Second, China has various structural problems including underdeveloped
infrastructures including water and electricity supply, and widening income gaps between
regions. Potential problems, which have yet to emerge amid sustained growth, include
inefficient management of state-run corporations and non-operating loans.
Third, China, which is consuming massive amounts oil and other primary resources,
has utilized such resources inefficiently and wastefully. Rapid domestic economic growth has

51
prevented this problem from emerging. The costly production structure with the inefficient
resources utilization may soon come to a deadlock, slowing down economic growth.
Exchange rate fluctuations could lead this problem to come into focus more clearly.
Fourth, China has problems with the efficiency in utilization of labor and capital,
though having abundant labor and capital with a high savings rate as requirements for
economic growth. The problems must be solved. The Chinese situation is similar to the
Singaporean situation as described by Paul Krugman in his “Myth of Asia’s Miracle” in
1994. Krugman doubted the sustainability of Singapore’s high economic growth that he said
was attributable to excessive input of production factors and failed to be accompanied by
total factor productivity growth in the absence of domestic technological development. Later
the Singaporean economic growth plunged on the Asian currency crisis, but this was not
attributable to the problems that Krugman pointed to.

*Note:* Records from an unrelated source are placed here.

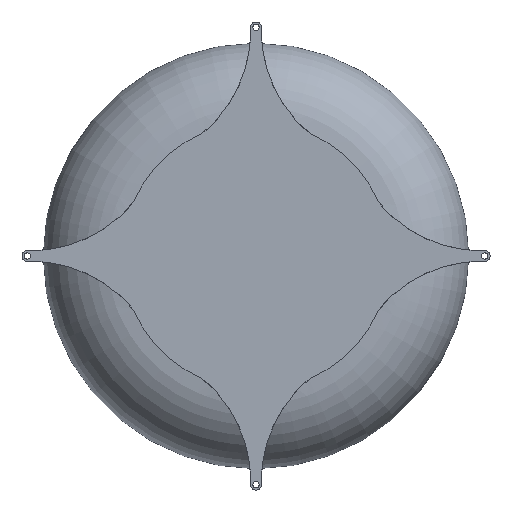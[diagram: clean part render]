
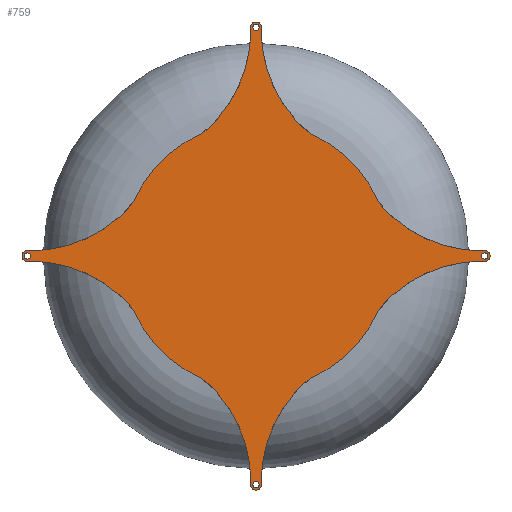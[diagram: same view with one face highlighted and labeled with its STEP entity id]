
A CAD part, front view. The second image highlights one B-rep face of the part: STEP entity #759.
In plain terms, the highlighted planar face has unit normal (0, -1, 0).
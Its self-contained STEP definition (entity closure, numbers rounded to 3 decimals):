
#76=FACE_BOUND('',#163,.T.);
#77=FACE_BOUND('',#164,.T.);
#78=FACE_BOUND('',#165,.T.);
#79=FACE_BOUND('',#166,.T.);
#85=PLANE('',#882);
#112=FACE_OUTER_BOUND('',#162,.T.);
#162=EDGE_LOOP('',(#650,#651,#652,#653,#654,#655,#656,#657,#658,#659,#660,
#661,#662,#663,#664,#665));
#163=EDGE_LOOP('',(#666));
#164=EDGE_LOOP('',(#667));
#165=EDGE_LOOP('',(#668));
#166=EDGE_LOOP('',(#669));
#190=CIRCLE('',#799,62.978);
#191=CIRCLE('',#800,62.978);
#193=CIRCLE('',#802,62.978);
#195=CIRCLE('',#804,62.978);
#216=CIRCLE('',#833,62.9);
#217=CIRCLE('',#835,1.5);
#218=CIRCLE('',#837,2.5);
#219=CIRCLE('',#839,62.9);
#220=CIRCLE('',#841,62.9);
#221=CIRCLE('',#843,1.5);
#222=CIRCLE('',#845,2.5);
#223=CIRCLE('',#847,62.9);
#224=CIRCLE('',#849,62.9);
#225=CIRCLE('',#851,1.5);
#226=CIRCLE('',#853,2.5);
#227=CIRCLE('',#855,62.9);
#228=CIRCLE('',#857,62.9);
#229=CIRCLE('',#859,1.5);
#230=CIRCLE('',#861,2.5);
#231=CIRCLE('',#863,62.9);
#300=VERTEX_POINT('',#1152);
#301=VERTEX_POINT('',#1159);
#304=VERTEX_POINT('',#1179);
#305=VERTEX_POINT('',#1186);
#310=VERTEX_POINT('',#1209);
#311=VERTEX_POINT('',#1216);
#316=VERTEX_POINT('',#1239);
#317=VERTEX_POINT('',#1246);
#338=VERTEX_POINT('',#1414);
#339=VERTEX_POINT('',#1418);
#340=VERTEX_POINT('',#1422);
#341=VERTEX_POINT('',#1428);
#342=VERTEX_POINT('',#1432);
#343=VERTEX_POINT('',#1436);
#344=VERTEX_POINT('',#1442);
#345=VERTEX_POINT('',#1446);
#346=VERTEX_POINT('',#1450);
#347=VERTEX_POINT('',#1456);
#348=VERTEX_POINT('',#1460);
#349=VERTEX_POINT('',#1464);
#378=EDGE_CURVE('',#300,#301,#190,.T.);
#383=EDGE_CURVE('',#304,#305,#191,.T.);
#389=EDGE_CURVE('',#310,#311,#193,.T.);
#395=EDGE_CURVE('',#316,#317,#195,.T.);
#424=EDGE_CURVE('',#317,#338,#216,.T.);
#427=EDGE_CURVE('',#339,#339,#217,.T.);
#428=EDGE_CURVE('',#340,#338,#218,.T.);
#430=EDGE_CURVE('',#340,#300,#219,.T.);
#431=EDGE_CURVE('',#301,#341,#220,.T.);
#434=EDGE_CURVE('',#342,#342,#221,.T.);
#435=EDGE_CURVE('',#343,#341,#222,.T.);
#437=EDGE_CURVE('',#343,#304,#223,.T.);
#438=EDGE_CURVE('',#311,#344,#224,.T.);
#441=EDGE_CURVE('',#345,#345,#225,.T.);
#442=EDGE_CURVE('',#346,#344,#226,.T.);
#444=EDGE_CURVE('',#346,#316,#227,.T.);
#445=EDGE_CURVE('',#305,#347,#228,.T.);
#448=EDGE_CURVE('',#348,#348,#229,.T.);
#449=EDGE_CURVE('',#349,#347,#230,.T.);
#451=EDGE_CURVE('',#349,#310,#231,.T.);
#650=ORIENTED_EDGE('',*,*,#389,.F.);
#651=ORIENTED_EDGE('',*,*,#451,.F.);
#652=ORIENTED_EDGE('',*,*,#449,.T.);
#653=ORIENTED_EDGE('',*,*,#445,.F.);
#654=ORIENTED_EDGE('',*,*,#383,.F.);
#655=ORIENTED_EDGE('',*,*,#437,.F.);
#656=ORIENTED_EDGE('',*,*,#435,.T.);
#657=ORIENTED_EDGE('',*,*,#431,.F.);
#658=ORIENTED_EDGE('',*,*,#378,.F.);
#659=ORIENTED_EDGE('',*,*,#430,.F.);
#660=ORIENTED_EDGE('',*,*,#428,.T.);
#661=ORIENTED_EDGE('',*,*,#424,.F.);
#662=ORIENTED_EDGE('',*,*,#395,.F.);
#663=ORIENTED_EDGE('',*,*,#444,.F.);
#664=ORIENTED_EDGE('',*,*,#442,.T.);
#665=ORIENTED_EDGE('',*,*,#438,.F.);
#666=ORIENTED_EDGE('',*,*,#427,.T.);
#667=ORIENTED_EDGE('',*,*,#434,.T.);
#668=ORIENTED_EDGE('',*,*,#441,.T.);
#669=ORIENTED_EDGE('',*,*,#448,.T.);
#759=ADVANCED_FACE('',(#112,#76,#77,#78,#79),#85,.T.);
#799=AXIS2_PLACEMENT_3D('',#1160,#904,#905);
#800=AXIS2_PLACEMENT_3D('',#1187,#906,#907);
#802=AXIS2_PLACEMENT_3D('',#1217,#910,#911);
#804=AXIS2_PLACEMENT_3D('',#1247,#914,#915);
#833=AXIS2_PLACEMENT_3D('',#1415,#972,#973);
#835=AXIS2_PLACEMENT_3D('',#1420,#978,#979);
#837=AXIS2_PLACEMENT_3D('',#1423,#982,#983);
#839=AXIS2_PLACEMENT_3D('',#1426,#987,#988);
#841=AXIS2_PLACEMENT_3D('',#1429,#991,#992);
#843=AXIS2_PLACEMENT_3D('',#1434,#997,#998);
#845=AXIS2_PLACEMENT_3D('',#1437,#1001,#1002);
#847=AXIS2_PLACEMENT_3D('',#1440,#1006,#1007);
#849=AXIS2_PLACEMENT_3D('',#1443,#1010,#1011);
#851=AXIS2_PLACEMENT_3D('',#1448,#1016,#1017);
#853=AXIS2_PLACEMENT_3D('',#1451,#1020,#1021);
#855=AXIS2_PLACEMENT_3D('',#1454,#1025,#1026);
#857=AXIS2_PLACEMENT_3D('',#1457,#1029,#1030);
#859=AXIS2_PLACEMENT_3D('',#1462,#1035,#1036);
#861=AXIS2_PLACEMENT_3D('',#1465,#1039,#1040);
#863=AXIS2_PLACEMENT_3D('',#1468,#1044,#1045);
#882=AXIS2_PLACEMENT_3D('',#1504,#1082,#1083);
#904=DIRECTION('center_axis',(0.,1.,0.));
#905=DIRECTION('ref_axis',(1.,0.,0.));
#906=DIRECTION('center_axis',(0.,1.,0.));
#907=DIRECTION('ref_axis',(1.,0.,0.));
#910=DIRECTION('center_axis',(0.,1.,0.));
#911=DIRECTION('ref_axis',(1.,0.,0.));
#914=DIRECTION('center_axis',(0.,1.,0.));
#915=DIRECTION('ref_axis',(1.,0.,0.));
#972=DIRECTION('center_axis',(0.,-1.,0.));
#973=DIRECTION('ref_axis',(-0.642,0.,0.767));
#978=DIRECTION('center_axis',(0.,1.,0.));
#979=DIRECTION('ref_axis',(1.,0.,0.));
#982=DIRECTION('center_axis',(0.,-1.,0.));
#983=DIRECTION('ref_axis',(1.,0.,0.));
#987=DIRECTION('center_axis',(0.,-1.,0.));
#988=DIRECTION('ref_axis',(1.,0.,-0.023));
#991=DIRECTION('center_axis',(0.,-1.,0.));
#992=DIRECTION('ref_axis',(0.767,0.,0.642));
#997=DIRECTION('center_axis',(0.,1.,0.));
#998=DIRECTION('ref_axis',(1.,0.,0.));
#1001=DIRECTION('center_axis',(0.,-1.,0.));
#1002=DIRECTION('ref_axis',(1.,0.,0.));
#1006=DIRECTION('center_axis',(0.,-1.,0.));
#1007=DIRECTION('ref_axis',(-0.023,0.,-1.));
#1010=DIRECTION('center_axis',(0.,-1.,0.));
#1011=DIRECTION('ref_axis',(-0.767,0.,-0.642));
#1016=DIRECTION('center_axis',(0.,1.,0.));
#1017=DIRECTION('ref_axis',(1.,0.,0.));
#1020=DIRECTION('center_axis',(0.,-1.,0.));
#1021=DIRECTION('ref_axis',(1.,0.,0.));
#1025=DIRECTION('center_axis',(0.,-1.,0.));
#1026=DIRECTION('ref_axis',(0.023,0.,1.));
#1029=DIRECTION('center_axis',(0.,-1.,0.));
#1030=DIRECTION('ref_axis',(0.642,0.,-0.767));
#1035=DIRECTION('center_axis',(0.,1.,0.));
#1036=DIRECTION('ref_axis',(1.,0.,0.));
#1039=DIRECTION('center_axis',(0.,-1.,0.));
#1040=DIRECTION('ref_axis',(1.,0.,0.));
#1044=DIRECTION('center_axis',(0.,-1.,0.));
#1045=DIRECTION('ref_axis',(-1.,0.,0.023));
#1082=DIRECTION('center_axis',(0.,-1.,0.));
#1083=DIRECTION('ref_axis',(0.,0.,-1.));
#1152=CARTESIAN_POINT('',(-24.935,-2.,-57.831));
#1159=CARTESIAN_POINT('',(-57.831,-2.,-24.935));
#1160=CARTESIAN_POINT('Origin',(0.,-2.,0.));
#1179=CARTESIAN_POINT('',(-57.831,-2.,24.935));
#1186=CARTESIAN_POINT('',(-24.935,-2.,57.831));
#1187=CARTESIAN_POINT('Origin',(0.,-2.,0.));
#1209=CARTESIAN_POINT('',(24.935,-2.,57.831));
#1216=CARTESIAN_POINT('',(57.831,-2.,24.935));
#1217=CARTESIAN_POINT('Origin',(0.,-2.,0.));
#1239=CARTESIAN_POINT('',(57.831,-2.,-24.935));
#1246=CARTESIAN_POINT('',(24.935,-2.,-57.831));
#1247=CARTESIAN_POINT('Origin',(0.,-2.,0.));
#1414=CARTESIAN_POINT('',(2.433,-2.,-106.901));
#1415=CARTESIAN_POINT('Origin',(65.327,-2.,-106.048));
#1418=CARTESIAN_POINT('',(-1.5,-2.,-107.478));
#1420=CARTESIAN_POINT('Origin',(0.,-2.,
-107.478));
#1422=CARTESIAN_POINT('',(-2.433,-2.,-106.901));
#1423=CARTESIAN_POINT('Origin',(0.,-2.,
-107.478));
#1426=CARTESIAN_POINT('Origin',(-65.327,-2.,-106.048));
#1428=CARTESIAN_POINT('',(-106.901,-2.,-2.433));
#1429=CARTESIAN_POINT('Origin',(-106.048,-2.,-65.327));
#1432=CARTESIAN_POINT('',(-108.978,-2.,0.));
#1434=CARTESIAN_POINT('Origin',(-107.478,-2.,0.));
#1436=CARTESIAN_POINT('',(-106.901,-2.,2.433));
#1437=CARTESIAN_POINT('Origin',(-107.478,-2.,0.));
#1440=CARTESIAN_POINT('Origin',(-106.048,-2.,65.327));
#1442=CARTESIAN_POINT('',(106.901,-2.,2.433));
#1443=CARTESIAN_POINT('Origin',(106.048,-2.,65.327));
#1446=CARTESIAN_POINT('',(105.978,-2.,0.));
#1448=CARTESIAN_POINT('Origin',(107.478,-2.,0.));
#1450=CARTESIAN_POINT('',(106.901,-2.,-2.433));
#1451=CARTESIAN_POINT('Origin',(107.478,-2.,0.));
#1454=CARTESIAN_POINT('Origin',(106.048,-2.,-65.327));
#1456=CARTESIAN_POINT('',(-2.433,-2.,106.901));
#1457=CARTESIAN_POINT('Origin',(-65.327,-2.,106.048));
#1460=CARTESIAN_POINT('',(-1.5,-2.,107.478));
#1462=CARTESIAN_POINT('Origin',(0.,-2.,
107.478));
#1464=CARTESIAN_POINT('',(2.433,-2.,106.901));
#1465=CARTESIAN_POINT('Origin',(0.,-2.,
107.478));
#1468=CARTESIAN_POINT('Origin',(65.327,-2.,106.048));
#1504=CARTESIAN_POINT('Origin',(0.,-2.,62.978));
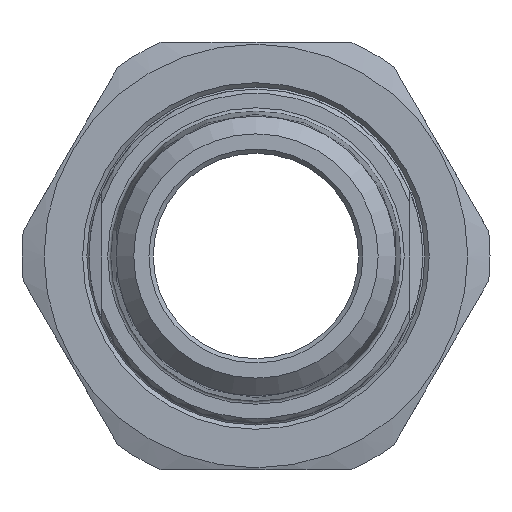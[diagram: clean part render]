
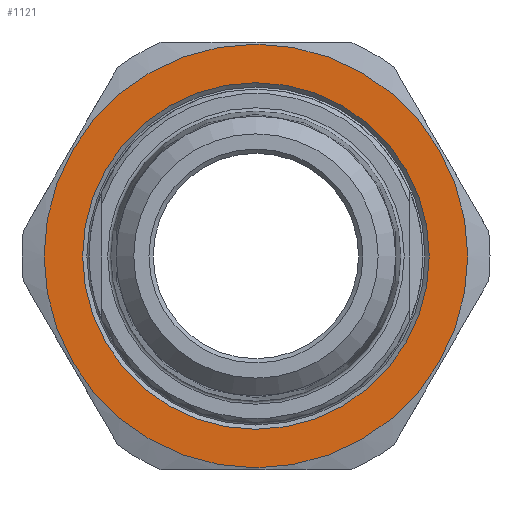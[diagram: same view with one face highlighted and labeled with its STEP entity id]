
A CAD part, left-side view. The second image highlights one B-rep face of the part: STEP entity #1121.
In plain terms, the highlighted planar face has unit normal (-1, 0, 0).
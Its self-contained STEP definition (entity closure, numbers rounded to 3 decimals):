
#47=FACE_BOUND('',#212,.T.);
#104=PLANE('',#1283);
#141=FACE_OUTER_BOUND('',#211,.T.);
#211=EDGE_LOOP('',(#839));
#212=EDGE_LOOP('',(#840));
#401=CIRCLE('',#1273,24.75);
#402=CIRCLE('',#1278,20.25);
#504=VERTEX_POINT('',#1915);
#505=VERTEX_POINT('',#1925);
#628=EDGE_CURVE('',#504,#504,#401,.T.);
#630=EDGE_CURVE('',#505,#505,#402,.T.);
#839=ORIENTED_EDGE('',*,*,#628,.T.);
#840=ORIENTED_EDGE('',*,*,#630,.F.);
#1121=ADVANCED_FACE('',(#141,#47),#104,.F.);
#1273=AXIS2_PLACEMENT_3D('',#1917,#1485,#1486);
#1278=AXIS2_PLACEMENT_3D('',#1926,#1495,#1496);
#1283=AXIS2_PLACEMENT_3D('',#1936,#1507,#1508);
#1485=DIRECTION('center_axis',(-1.,0.,0.));
#1486=DIRECTION('ref_axis',(0.,1.,0.));
#1495=DIRECTION('center_axis',(-1.,0.,0.));
#1496=DIRECTION('ref_axis',(0.,-1.,0.));
#1507=DIRECTION('center_axis',(1.,0.,0.));
#1508=DIRECTION('ref_axis',(0.,0.,-1.));
#1915=CARTESIAN_POINT('',(-18.5,-24.75,0.));
#1917=CARTESIAN_POINT('Origin',(-18.5,0.,0.));
#1925=CARTESIAN_POINT('',(-18.5,20.25,0.));
#1926=CARTESIAN_POINT('Origin',(-18.5,0.,0.));
#1936=CARTESIAN_POINT('Origin',(-18.5,0.,0.));
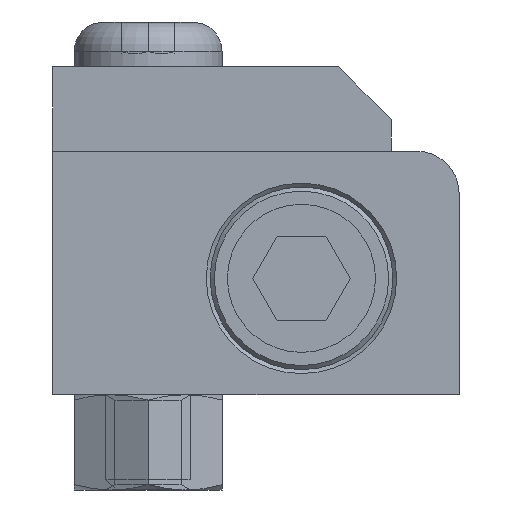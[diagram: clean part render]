
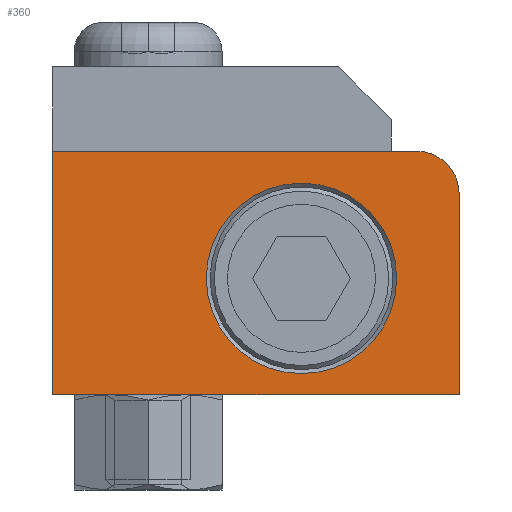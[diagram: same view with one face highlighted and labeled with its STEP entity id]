
A CAD part, left-side view. The second image highlights one B-rep face of the part: STEP entity #360.
In plain terms, the highlighted planar face has unit normal (-1, 0, 0).
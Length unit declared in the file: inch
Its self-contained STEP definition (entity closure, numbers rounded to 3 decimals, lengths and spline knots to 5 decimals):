
#256=CARTESIAN_POINT('',(-39.27551,-5.24061,0.04447));
#257=VERTEX_POINT('',#256);
#258=CARTESIAN_POINT('',(-39.27551,-4.95936,0.04447));
#259=DIRECTION('',(-1.0,0.0,0.0));
#260=DIRECTION('',(0.0,1.0,0.0));
#261=AXIS2_PLACEMENT_3D('',#258,#259,#260);
#262=CIRCLE('',#261,0.28125);
#263=EDGE_CURVE('',#257,#257,#262,.T.);
#309=CARTESIAN_POINT('',(-39.27551,-5.42499,-0.29928));
#310=DIRECTION('',(-1.0,0.0,0.0));
#311=DIRECTION('',(0.0,0.0,1.0));
#312=AXIS2_PLACEMENT_3D('',#309,#310,#311);
#313=PLANE('',#312);
#314=CARTESIAN_POINT('',(-39.27551,-5.29999,0.41972));
#315=VERTEX_POINT('',#314);
#316=CARTESIAN_POINT('',(-39.27551,-5.42499,0.29472));
#317=VERTEX_POINT('',#316);
#318=CARTESIAN_POINT('',(-39.27551,-5.29999,0.29472));
#319=DIRECTION('',(1.0,0.0,0.0));
#320=DIRECTION('',(0.0,-0.707,0.707));
#321=AXIS2_PLACEMENT_3D('',#318,#319,#320);
#322=CIRCLE('',#321,0.125);
#323=EDGE_CURVE('',#315,#317,#322,.T.);
#324=ORIENTED_EDGE('',*,*,#323,.F.);
#325=CARTESIAN_POINT('',(-39.27551,-4.22499,0.41972));
#326=VERTEX_POINT('',#325);
#327=CARTESIAN_POINT('',(-39.27551,-5.29999,0.41972));
#328=DIRECTION('',(0.0,1.0,0.0));
#329=VECTOR('',#328,1.075);
#330=LINE('',#327,#329);
#331=EDGE_CURVE('',#315,#326,#330,.T.);
#332=ORIENTED_EDGE('',*,*,#331,.T.);
#333=CARTESIAN_POINT('',(-39.27551,-4.22499,-0.29928));
#334=VERTEX_POINT('',#333);
#335=CARTESIAN_POINT('',(-39.27551,-4.22499,-0.29928));
#336=DIRECTION('',(0.0,0.0,1.0));
#337=VECTOR('',#336,0.719);
#338=LINE('',#335,#337);
#339=EDGE_CURVE('',#334,#326,#338,.T.);
#340=ORIENTED_EDGE('',*,*,#339,.F.);
#341=CARTESIAN_POINT('',(-39.27551,-5.42499,-0.29928));
#342=VERTEX_POINT('',#341);
#343=CARTESIAN_POINT('',(-39.27551,-5.42499,-0.29928));
#344=DIRECTION('',(0.0,1.0,0.0));
#345=VECTOR('',#344,1.2);
#346=LINE('',#343,#345);
#347=EDGE_CURVE('',#342,#334,#346,.T.);
#348=ORIENTED_EDGE('',*,*,#347,.F.);
#349=CARTESIAN_POINT('',(-39.27551,-5.42499,-0.29928));
#350=DIRECTION('',(0.0,0.0,1.0));
#351=VECTOR('',#350,0.594);
#352=LINE('',#349,#351);
#353=EDGE_CURVE('',#342,#317,#352,.T.);
#354=ORIENTED_EDGE('',*,*,#353,.T.);
#355=EDGE_LOOP('',(#324,#332,#340,#348,#354));
#356=FACE_OUTER_BOUND('',#355,.T.);
#357=ORIENTED_EDGE('',*,*,#263,.F.);
#358=EDGE_LOOP('',(#357));
#359=FACE_BOUND('',#358,.T.);
#360=ADVANCED_FACE('',(#356,#359),#313,.T.);
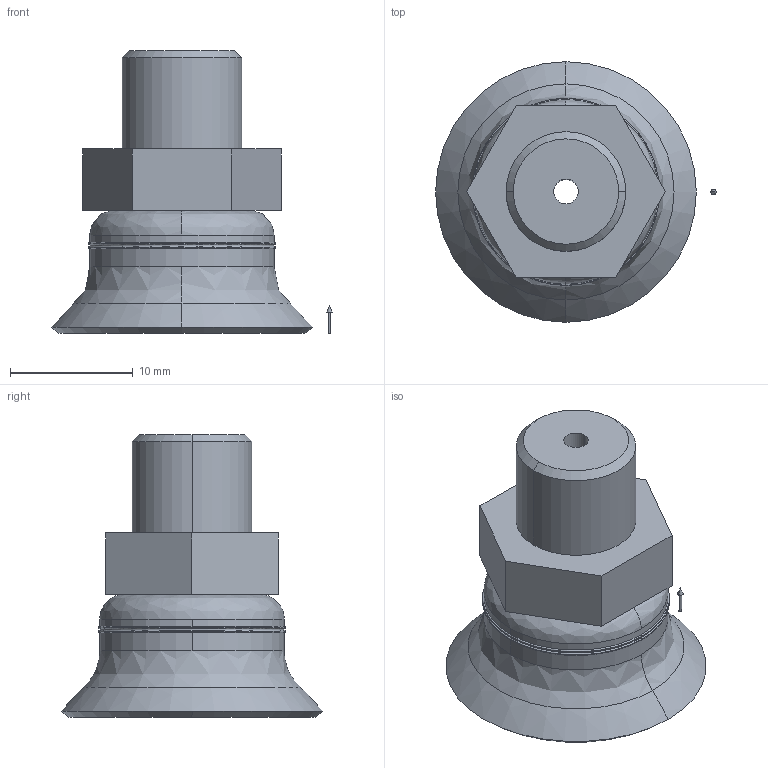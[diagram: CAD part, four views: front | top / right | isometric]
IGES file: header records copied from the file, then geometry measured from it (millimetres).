
Start section: 3D InterOp IGES (v. 2020 1.0.1), Spatial Corp. Copyright (c) 1999-2017.
Global section: file name: 10_01_01_00142.igs; native system: Spatial Corp.; preprocessor: 3D InterOp ACIS/IGES; author: TraceParts; organization: TraceParts S.A.; date: 20241108.020933; units: millimetre
Bounding box: 22.83 x 21.2 x 23 mm (x, y, z)
Surface area: 1985.9 mm2 (no closed solid volume)
Topology: 0 solids, 0 shells, 53 faces, 254 edges, 252 vertices
Faces by surface type: revolution 40, extrusion 13

However, Singapore’s distribution of
resources then had complied with market economy principles. China lacks efficiency in the
distribution of resources and the utilization of production factors, and this could work to limit
economic growth.
While various structural problems lead many people to doubt if China could sustain
the current high economic growth over the medium or long term, the Chinese economy is
likely to grow relatively faster than other economies. Its oil demand can be expected to
increase steadily, although an increase as fast as in the past is unlikely.
The United States and China will have a great influence on global oil demand over
the medium or long term; however, U.S. economic growth may slow down to the potential
level, and Chinese growth may drop slightly in correction to the past high growth. If no sharp
rise comes in economic growth of other major countries, global income growth may slow
down somewhat and grow in a more stable and sustainable manner. Under such economic
developments, global oil demand cannot be expected to continue such fast growth as seen in
the recent years, but it may grow steadily. As a result, oil supply capacity may increase
according to demand growth over the medium or long term. Given such a steady increase in
oil demand and the stepped-up development and utilization of new energy sources, oil prices
may stabilize in terms of relative prices reflecting price conditions in industrial countries.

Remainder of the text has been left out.